(Dataset records)
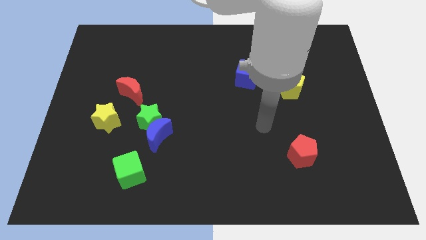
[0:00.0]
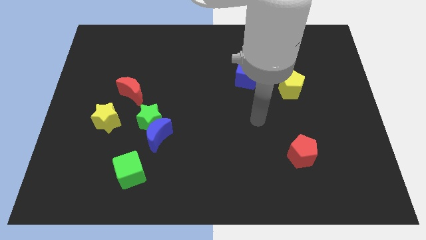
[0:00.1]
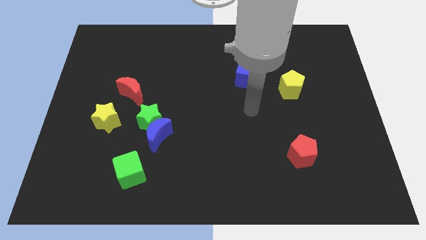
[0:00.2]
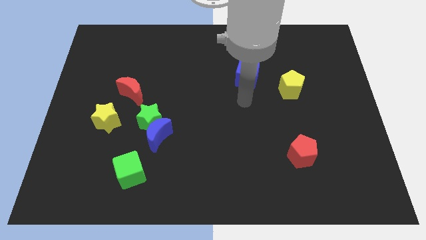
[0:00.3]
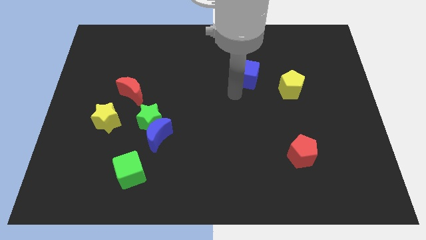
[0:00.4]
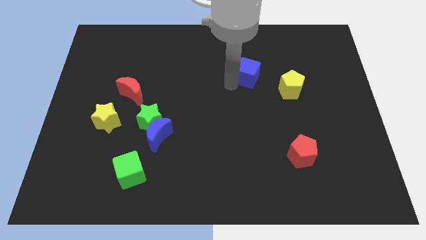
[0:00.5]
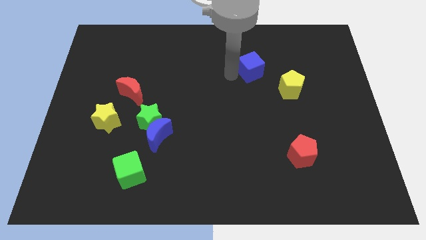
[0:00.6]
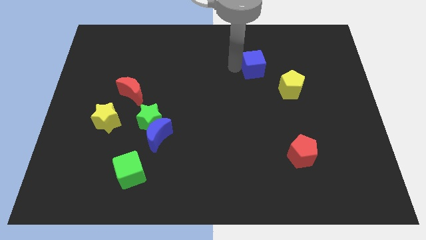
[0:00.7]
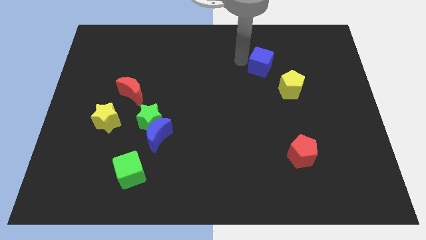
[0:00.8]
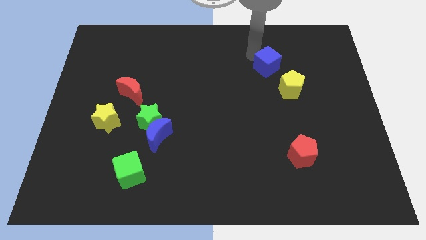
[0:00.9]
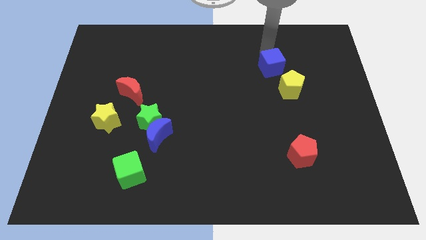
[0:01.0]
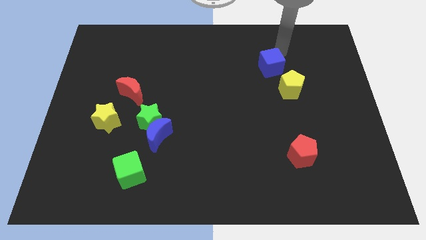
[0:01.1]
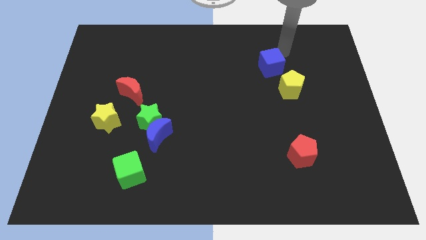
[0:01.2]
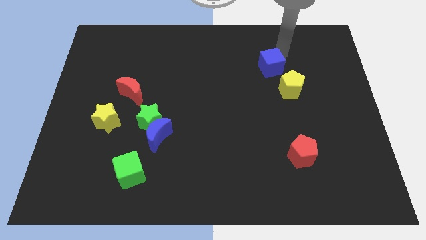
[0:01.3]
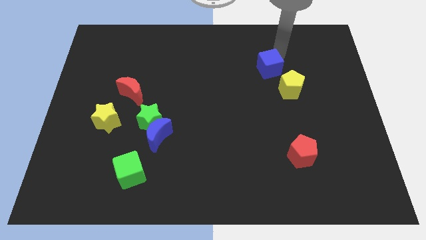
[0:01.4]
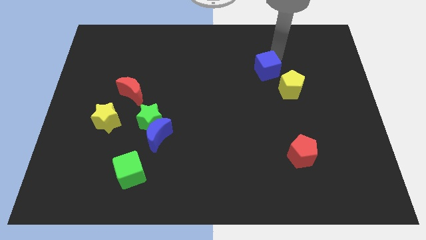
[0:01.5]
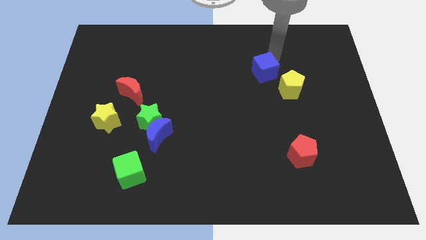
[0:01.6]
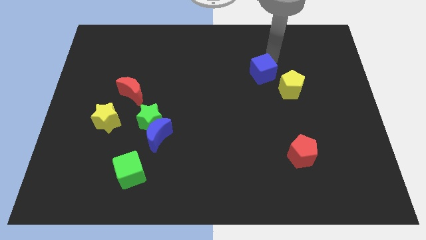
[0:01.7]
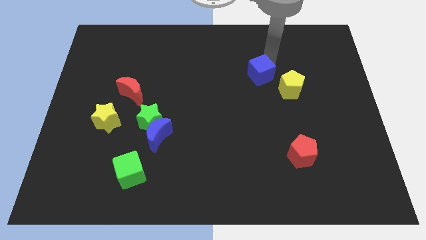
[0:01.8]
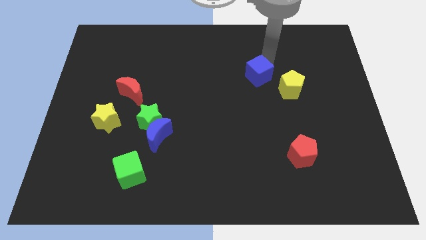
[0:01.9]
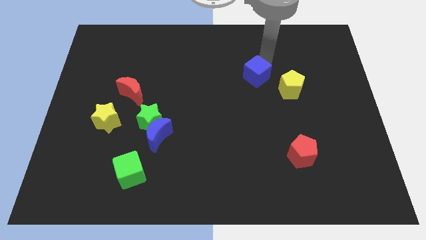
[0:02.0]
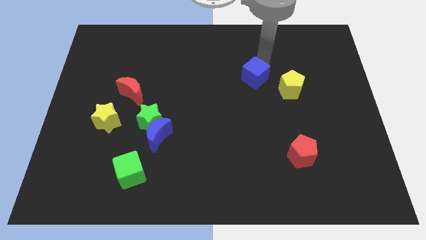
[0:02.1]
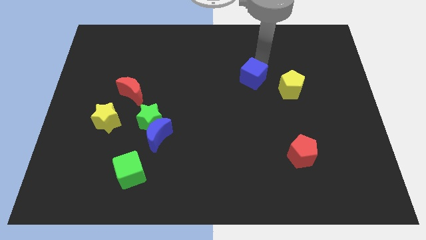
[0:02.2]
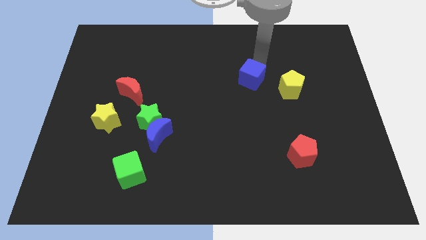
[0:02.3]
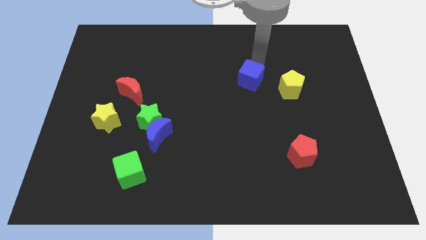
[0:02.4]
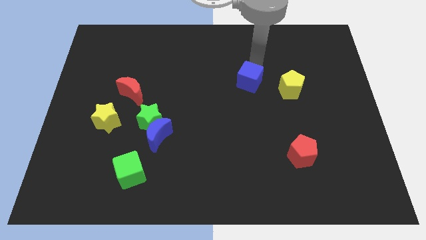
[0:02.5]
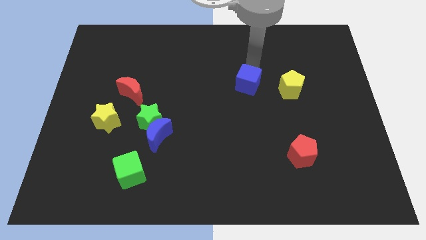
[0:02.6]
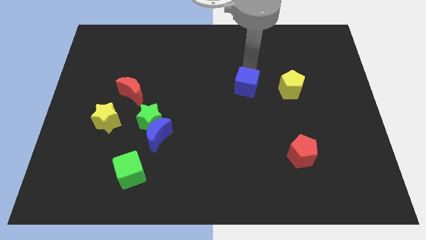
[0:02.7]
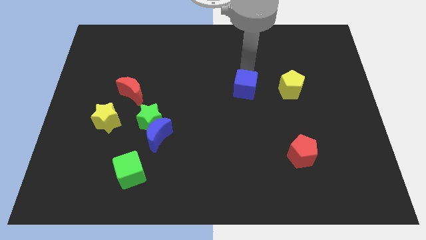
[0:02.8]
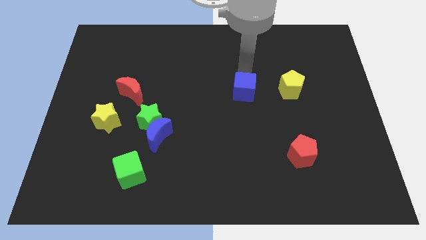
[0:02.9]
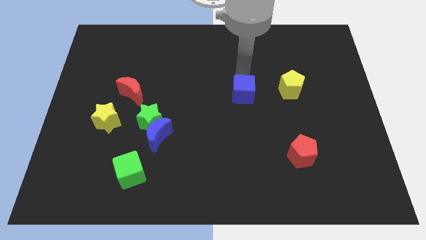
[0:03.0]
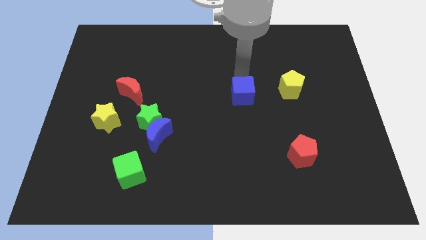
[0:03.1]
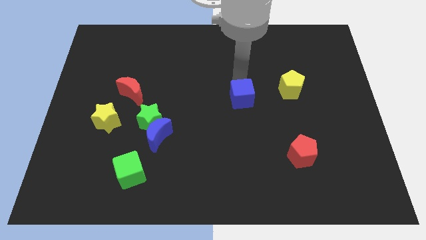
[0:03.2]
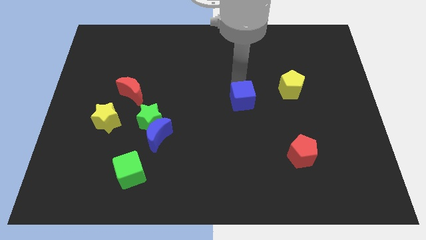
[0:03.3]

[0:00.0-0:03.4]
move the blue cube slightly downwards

**WHAT THE EXERCISE ASKS:**
First drop every picture, then print the data above exactly as it stands.

**SOLUTION FOR THIS EXERCISE:**
[0:00.0]
[0:00.1]
[0:00.2]
[0:00.3]
[0:00.4]
[0:00.5]
[0:00.6]
[0:00.7]
[0:00.8]
[0:00.9]
[0:01.0]
[0:01.1]
[0:01.2]
[0:01.3]
[0:01.4]
[0:01.5]
[0:01.6]
[0:01.7]
[0:01.8]
[0:01.9]
[0:02.0]
[0:02.1]
[0:02.2]
[0:02.3]
[0:02.4]
[0:02.5]
[0:02.6]
[0:02.7]
[0:02.8]
[0:02.9]
[0:03.0]
[0:03.1]
[0:03.2]
[0:03.3]

[0:00.0-0:03.4]
move the blue cube slightly downwards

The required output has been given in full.